Influence of Vanadium Content on Bainitic Transformation of a Low-Carbon Boron Steel During Continuous Cooling

doi:10.1007/s40195-015-0249-1

Abstract

Abstract:

The phase transformation behaviors during continuous cooling of low-carbon boron steels with different vanadium contents were studied by means of dilatometric measurement and microstructure observation. The bainite transformation behavior is not noticeably altered when the vanadium content is 0.042 and 0.086 wt%, and these steels exhibit full bainitic microstructure even at a cooling rate of 5 °C/s. When vanadium content is increased to 0.18 wt%, ferrite is still present in the microstructure even at a cooling rate of 40 °C/s. Vickers hardness of the steels with 0.042 and 0.086 wt% V is remarkably higher than that of the steel with 0.18 wt% V at a cooling rate higher than 10 °C/s, and the difference is increased with the increase in cooling rate. Moreover, the amount of coarse vanadium precipitates formed in austenite is increased with the increase in vanadium content. The optimum content of vanadium to obtain bainitic microstructure is 0.086 wt% in this experimental low-carbon boron steels.

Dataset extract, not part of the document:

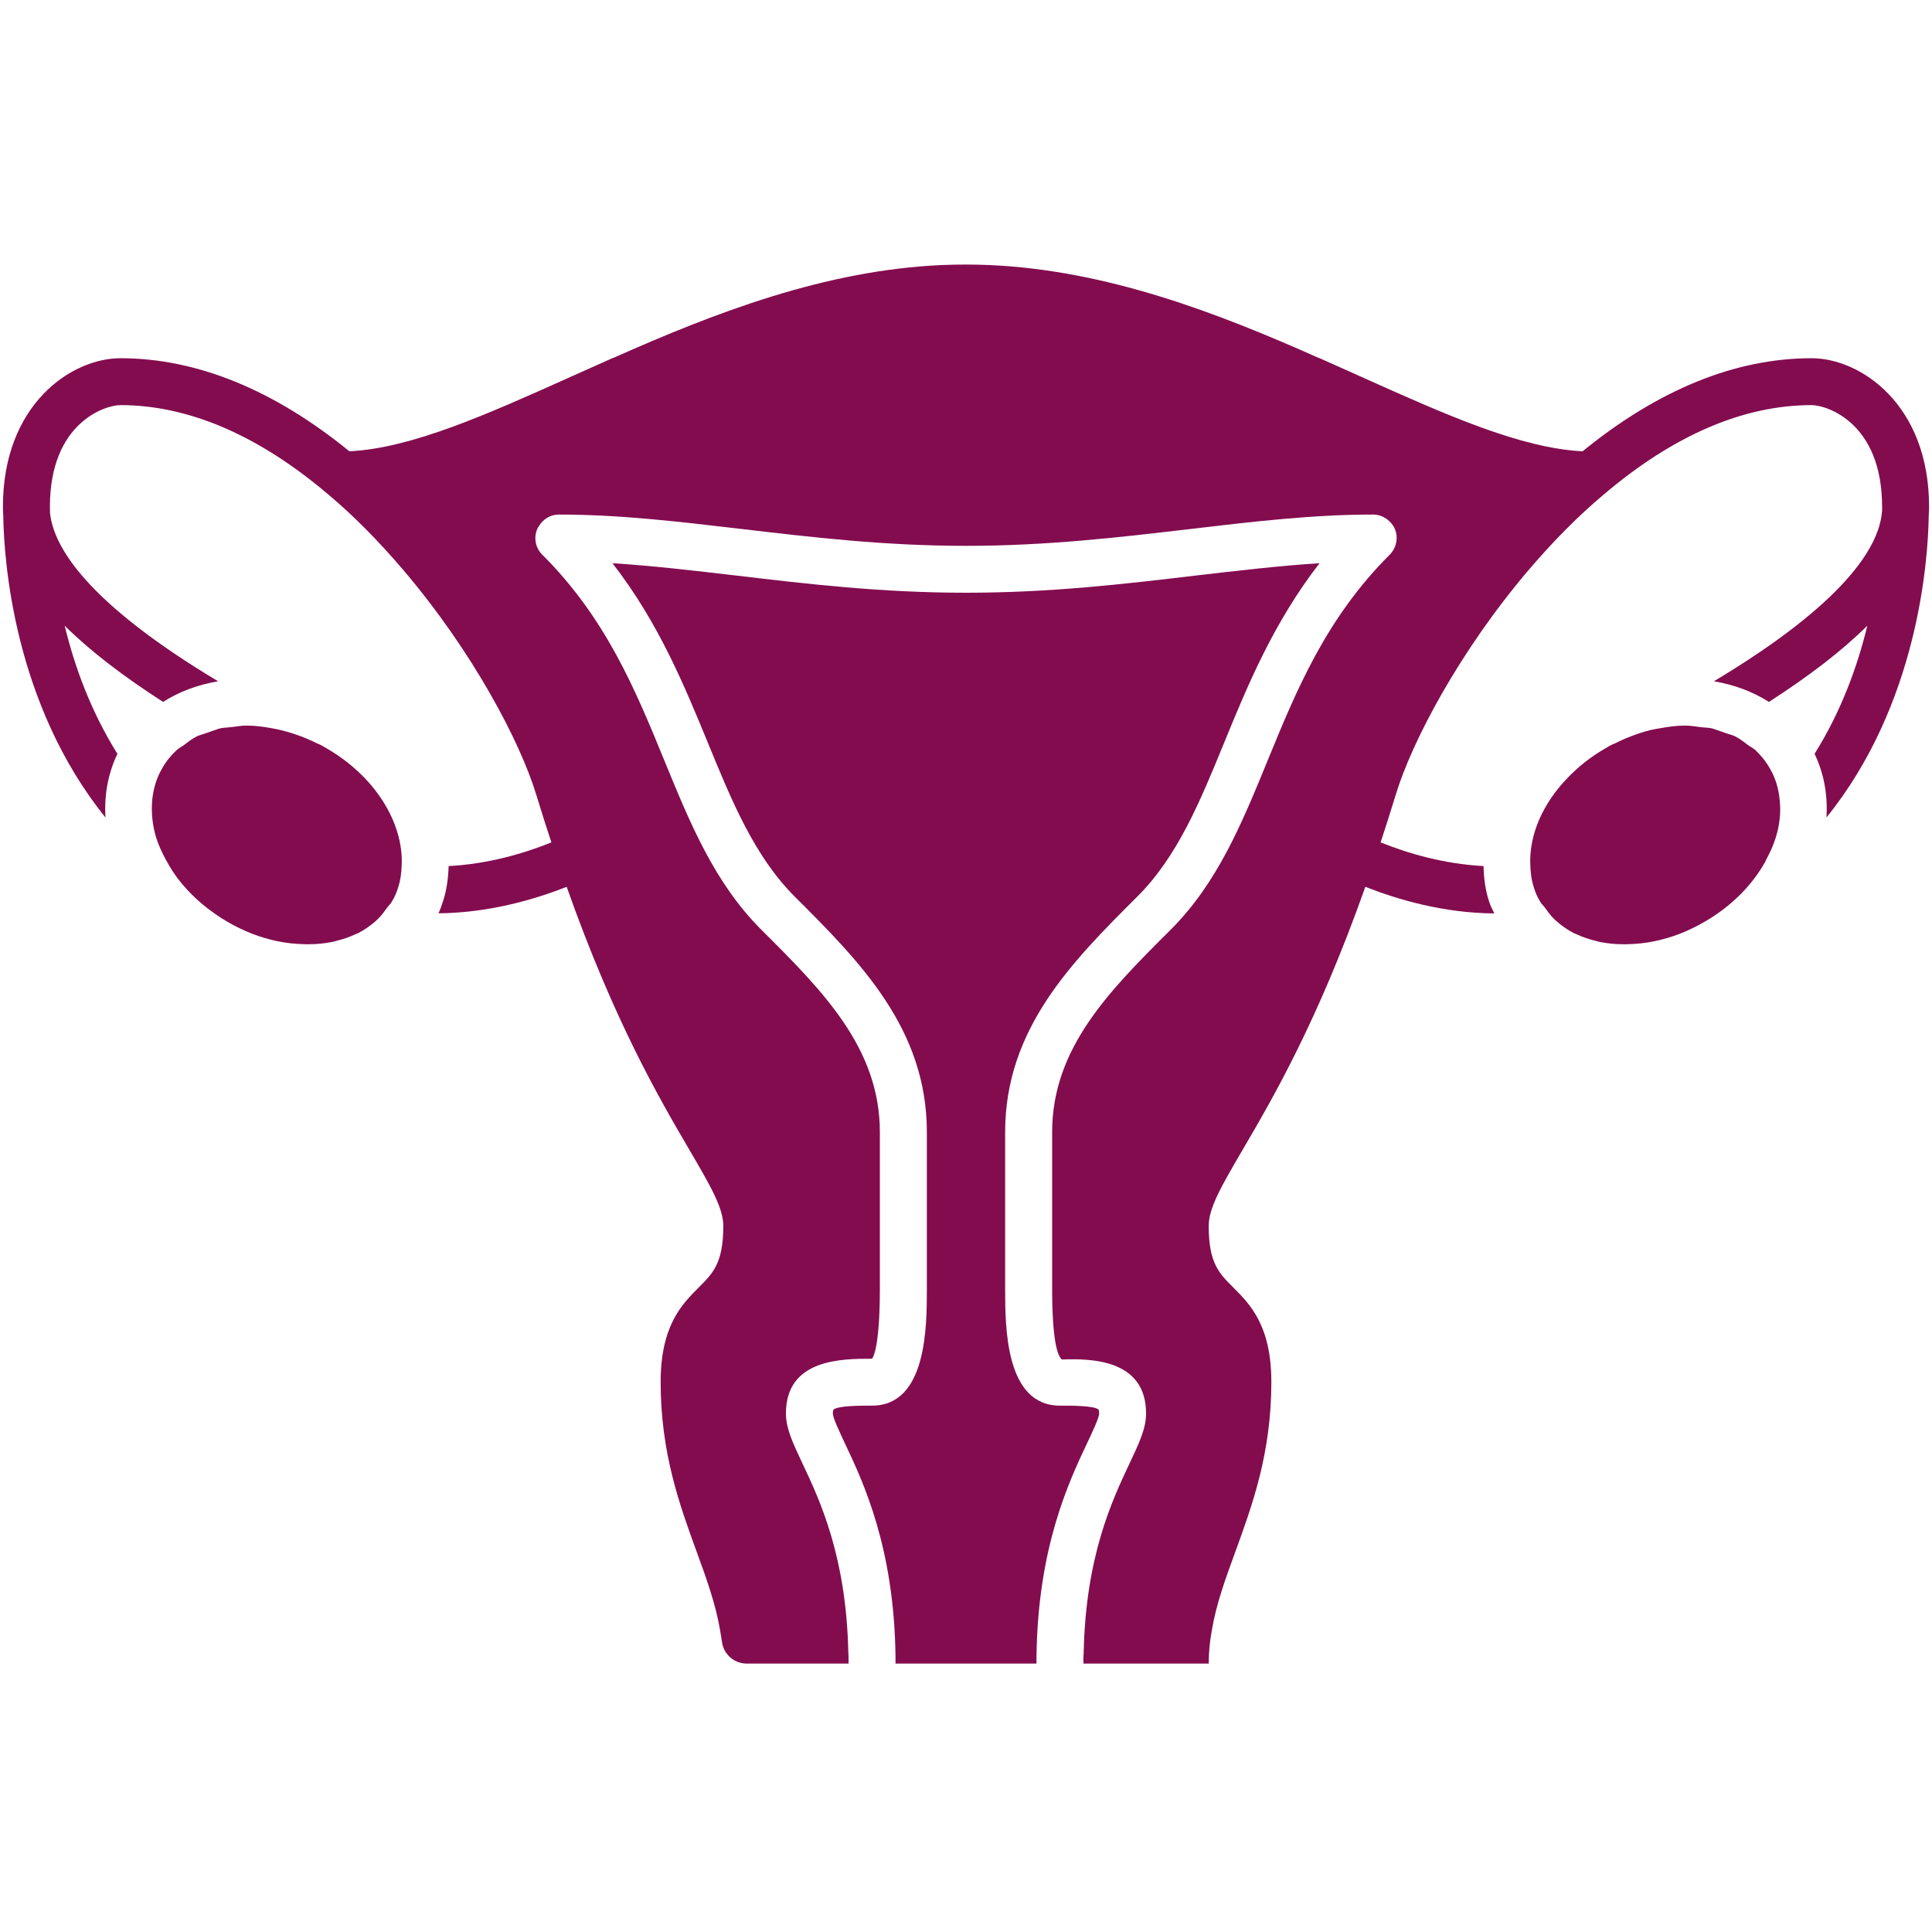 <svg xmlns="http://www.w3.org/2000/svg" xmlns:xlink="http://www.w3.org/1999/xlink" width="200" zoomAndPan="magnify" viewBox="0 0 150 150" height="200" preserveAspectRatio="xMidYMid meet" version="1.0"><defs><clipPath id="9d2720b91c"><path d="M 47 43 L 103 43 L 103 129.16 L 47 129.16 Z M 47 43 " clip-rule="nonzero"/></clipPath><clipPath id="f763b537e6"><path d="M 0 20.531 L 150 20.531 L 150 129.281 L 0 129.281 Z M 0 20.531 " clip-rule="nonzero"/></clipPath></defs><path fill="#830c4f" d="M 136.266 58.215 C 136.105 58.082 135.906 57.984 135.734 57.863 C 135.41 57.617 135.098 57.359 134.719 57.172 C 134.488 57.059 134.223 57.008 133.977 56.914 C 133.852 56.867 133.73 56.828 133.598 56.781 C 133.359 56.707 133.133 56.602 132.875 56.543 C 132.598 56.488 132.285 56.488 132 56.449 C 131.629 56.41 131.289 56.336 130.91 56.336 C 130.852 56.336 130.793 56.336 130.727 56.336 C 130.141 56.344 129.531 56.422 128.922 56.535 C 128.637 56.582 128.363 56.629 128.078 56.695 C 127.176 56.934 126.273 57.273 125.379 57.719 C 125.113 57.816 124.879 57.957 124.629 58.109 C 123.508 58.754 122.531 59.531 121.715 60.387 C 119.766 62.387 118.73 64.824 118.809 67.09 C 118.828 67.707 118.895 68.312 119.082 68.883 C 119.207 69.281 119.348 69.641 119.578 70 C 119.672 70.18 119.824 70.305 119.949 70.473 C 120.156 70.758 120.355 71.043 120.602 71.289 C 120.688 71.375 120.773 71.461 120.859 71.535 C 121.27 71.887 121.703 72.199 122.188 72.445 C 122.266 72.484 122.34 72.512 122.426 72.543 C 122.871 72.758 123.367 72.922 123.871 73.043 C 123.984 73.074 124.078 73.109 124.191 73.129 C 124.762 73.242 125.352 73.309 125.961 73.309 C 126.082 73.32 126.207 73.309 126.332 73.309 C 127.016 73.289 127.707 73.234 128.422 73.082 C 129.074 72.949 129.742 72.758 130.406 72.504 C 131.062 72.246 131.715 71.934 132.363 71.555 C 134.461 70.34 136.066 68.684 137.062 66.891 C 137.094 66.844 137.102 66.785 137.129 66.738 C 137.426 66.188 137.68 65.637 137.852 65.078 C 138.004 64.605 138.109 64.129 138.164 63.656 C 138.23 63.137 138.23 62.633 138.176 62.129 C 138.098 61.266 137.863 60.422 137.414 59.664 C 137.102 59.113 136.711 58.633 136.266 58.215 " fill-opacity="1" fill-rule="nonzero"/><g clip-path="url(#9d2720b91c)"><path fill="#830c4f" d="M 85.336 109.742 C 85.336 109.523 85.297 109.445 85.297 109.445 C 84.973 109.133 83.234 109.133 82.293 109.133 C 78.039 109.133 78.039 102.988 78.039 100.031 L 78.039 87.895 C 78.039 79.863 83.254 74.645 88.297 69.613 C 91.434 66.492 93.18 62.207 95.043 57.664 C 96.855 53.234 98.879 48.332 102.449 43.727 C 99.316 43.926 96.117 44.305 92.789 44.691 C 87.254 45.348 81.527 46.02 75 46.02 C 68.473 46.02 62.746 45.348 57.211 44.691 C 53.883 44.305 50.684 43.926 47.551 43.727 C 51.129 48.332 53.133 53.234 54.957 57.664 C 56.82 62.207 58.578 66.492 61.703 69.613 C 66.746 74.645 71.961 79.863 71.961 87.895 L 71.961 100.031 C 71.961 102.988 71.961 109.133 67.703 109.133 C 66.766 109.133 65.027 109.133 64.695 109.457 C 64.703 109.457 64.664 109.543 64.664 109.742 C 64.664 110.09 65.188 111.18 65.598 112.062 C 67.031 115.09 69.426 120.16 69.527 128.629 L 69.527 129.16 L 80.473 129.16 L 80.473 128.648 C 80.574 120.16 82.969 115.09 84.395 112.062 C 84.812 111.18 85.336 110.09 85.336 109.742 " fill-opacity="1" fill-rule="nonzero"/></g><path fill="#830c4f" d="M 25.371 58.109 C 25.121 57.957 24.887 57.816 24.621 57.719 C 23.449 57.133 22.254 56.742 21.078 56.535 C 20.469 56.422 19.859 56.344 19.273 56.336 C 19.207 56.336 19.148 56.336 19.09 56.336 C 18.711 56.336 18.359 56.41 18 56.449 C 17.703 56.488 17.402 56.488 17.125 56.543 C 16.867 56.602 16.641 56.707 16.402 56.781 C 16.281 56.828 16.148 56.867 16.023 56.914 C 15.777 57.008 15.512 57.059 15.281 57.172 C 14.902 57.359 14.59 57.617 14.258 57.863 C 14.094 57.984 13.895 58.082 13.742 58.215 C 13.289 58.633 12.891 59.113 12.586 59.664 C 12.137 60.422 11.902 61.266 11.816 62.129 C 11.73 63.086 11.836 64.082 12.137 65.078 C 12.32 65.637 12.574 66.188 12.871 66.738 C 13.223 67.391 13.629 68.027 14.133 68.625 C 15.062 69.734 16.242 70.738 17.637 71.555 C 18.285 71.934 18.938 72.246 19.594 72.504 C 20.258 72.758 20.926 72.949 21.578 73.082 C 22.293 73.234 22.984 73.289 23.668 73.309 C 23.793 73.309 23.918 73.32 24.039 73.309 C 24.648 73.309 25.238 73.242 25.809 73.129 C 25.922 73.109 26.023 73.074 26.129 73.043 C 26.633 72.922 27.129 72.758 27.574 72.543 C 27.648 72.512 27.734 72.484 27.812 72.445 C 28.297 72.199 28.73 71.887 29.141 71.535 C 29.227 71.461 29.312 71.375 29.398 71.289 C 29.645 71.043 29.852 70.758 30.051 70.473 C 30.176 70.305 30.328 70.18 30.422 70 C 30.652 69.641 30.793 69.281 30.918 68.883 C 31.105 68.312 31.172 67.707 31.191 67.09 C 31.297 63.863 29.133 60.289 25.371 58.109 " fill-opacity="1" fill-rule="nonzero"/><g clip-path="url(#f763b537e6)"><path fill="#830c4f" d="M 140.652 27.812 C 134.719 27.812 128.734 30.262 122.871 35.039 C 118.047 34.793 112.293 32.223 105.641 29.234 L 102.488 27.824 C 102.441 27.805 102.402 27.785 102.355 27.777 C 94.473 24.266 85.914 20.977 76.805 20.578 C 75.59 20.531 74.488 20.523 73.121 20.578 C 64.078 20.977 55.539 24.266 47.645 27.777 C 47.598 27.785 47.559 27.805 47.512 27.824 L 44.359 29.234 C 37.707 32.223 31.953 34.793 27.129 35.039 C 21.258 30.262 15.281 27.812 9.344 27.812 C 5.555 27.812 0.227 31.387 0.227 39.344 C 0.227 39.57 0.238 39.809 0.254 40.035 C 0.254 40.047 0.254 40.047 0.254 40.055 C 0.305 43.543 1.09 54.676 8.188 63.469 C 8.082 61.711 8.395 60.035 9.117 58.527 C 7.039 55.207 5.773 51.699 5.023 48.578 C 6.953 50.504 9.527 52.477 12.66 54.496 C 13.914 53.699 15.359 53.16 16.934 52.895 C 6.742 46.789 4.16 42.465 3.883 39.828 C 3.875 39.676 3.875 39.496 3.875 39.344 C 3.875 32.793 8.188 31.453 9.344 31.453 C 14.645 31.453 20.09 33.797 25.531 38.426 C 27.441 40.035 29.379 41.988 31.297 44.238 C 36.703 50.582 40.387 57.586 41.641 61.723 C 42.031 63.004 42.418 64.215 42.809 65.402 C 40.777 66.227 37.957 67.078 34.832 67.242 C 34.801 68.172 34.688 69.09 34.395 69.973 C 34.289 70.312 34.176 70.625 34.043 70.91 C 37.957 70.871 41.48 69.848 43.996 68.852 C 47.672 79.246 51.16 85.238 53.504 89.238 C 55.156 92.066 56.156 93.773 56.156 95.176 C 56.156 98.066 55.355 98.855 54.254 99.953 C 52.934 101.273 51.293 102.922 51.293 107.312 C 51.293 112.812 52.773 116.863 54.074 120.438 C 54.844 122.543 55.566 124.531 55.918 126.629 C 55.965 126.914 56.012 127.188 56.051 127.461 C 56.172 128.43 56.992 129.16 57.977 129.16 L 65.883 129.16 L 65.883 128.648 C 65.883 128.535 65.871 128.43 65.863 128.316 C 65.711 120.871 63.668 116.512 62.301 113.617 C 61.559 112.043 61.02 110.906 61.02 109.742 C 61.02 105.492 65.367 105.492 67.703 105.492 C 67.906 105.246 68.312 104.043 68.312 100.031 L 68.312 87.895 C 68.312 81.359 63.848 76.902 59.117 72.191 C 55.473 68.551 53.582 63.93 51.578 59.039 C 49.355 53.613 47.055 48 42.098 43.062 C 41.574 42.539 41.422 41.754 41.707 41.078 C 41.746 40.984 41.801 40.918 41.852 40.832 C 42.172 40.301 42.742 39.949 43.387 39.949 C 48.09 39.949 52.727 40.5 57.637 41.078 C 63.07 41.715 68.691 42.379 75 42.379 C 81.309 42.379 86.93 41.715 92.363 41.078 C 97.273 40.5 101.91 39.949 106.609 39.949 C 107.027 39.949 107.418 40.102 107.73 40.348 C 107.969 40.539 108.18 40.777 108.301 41.078 C 108.578 41.754 108.418 42.539 107.902 43.062 C 102.945 48 100.645 53.613 98.422 59.039 C 96.418 63.93 94.527 68.551 90.883 72.191 C 86.152 76.902 81.688 81.359 81.688 87.895 L 81.688 100.031 C 81.688 104.043 82.094 105.246 82.438 105.551 C 84.633 105.473 88.98 105.492 88.98 109.742 C 88.98 110.906 88.441 112.043 87.699 113.617 C 86.332 116.512 84.289 120.863 84.137 128.316 C 84.137 128.438 84.117 128.555 84.117 128.676 L 84.117 129.16 L 93.844 129.16 C 93.844 128.324 93.922 127.492 94.082 126.602 C 94.426 124.531 95.156 122.543 95.926 120.438 C 97.227 116.863 98.707 112.812 98.707 107.312 C 98.707 102.922 97.066 101.273 95.746 99.953 C 94.645 98.855 93.844 98.066 93.844 95.176 C 93.844 93.773 94.844 92.066 96.496 89.238 C 98.84 85.238 102.328 79.246 106.004 68.852 C 108.531 69.848 112.082 70.891 116.016 70.918 C 115.891 70.625 115.719 70.352 115.625 70.027 C 115.32 69.129 115.207 68.188 115.18 67.242 C 112.055 67.078 109.234 66.227 107.191 65.402 C 107.582 64.215 107.969 63.004 108.359 61.723 C 109.613 57.586 113.297 50.582 118.695 44.238 C 120.621 41.988 122.559 40.035 124.477 38.426 C 129.91 33.797 135.355 31.453 140.652 31.453 C 141.805 31.453 146.125 32.793 146.125 39.344 C 146.125 39.496 146.137 39.676 146.105 39.836 C 145.84 42.465 143.258 46.789 133.066 52.895 C 134.641 53.16 136.086 53.699 137.34 54.496 C 140.473 52.477 143.047 50.504 144.977 48.578 C 144.227 51.699 142.961 55.207 140.883 58.527 C 141.605 60.035 141.918 61.711 141.805 63.469 C 148.91 54.688 149.695 43.543 149.746 40.055 C 149.746 40.047 149.746 40.035 149.746 40.035 C 149.762 39.809 149.773 39.562 149.773 39.344 C 149.773 31.387 144.434 27.812 140.652 27.812 " fill-opacity="1" fill-rule="nonzero"/></g></svg>

Key words: Microalloyed, steel, Vanadium, Bainitic, transformation, Boron, Microstructure

Kwang-Su Kim, Lin-Xiu Du, Cai-Ru Gao. Influence of Vanadium Content on Bainitic Transformation of a Low-Carbon Boron Steel During Continuous Cooling[J]. Acta Metallurgica Sinica (English Letters), 2015, 28(6): 692-698.

Figures/Tables 8

Table 1 Chemical compositions of the experimental steels (wt%)

Steel	C	Si	Mn	P	S	Al	V	Ti	N	B	Fe
No. 1	0.12	0.17	1.76	0.003	0.002	0.026	0.042	0.005	0.004	0.0021	Bal.
No. 2	0.12	0.14	1.76	0.002	0.002	0.027	0.086	0.005	0.004	0.0019	Bal.
No. 3	0.11	0.13	1.77	0.003	0.002	0.025	0.18	0.005	0.004	0.0020	Bal.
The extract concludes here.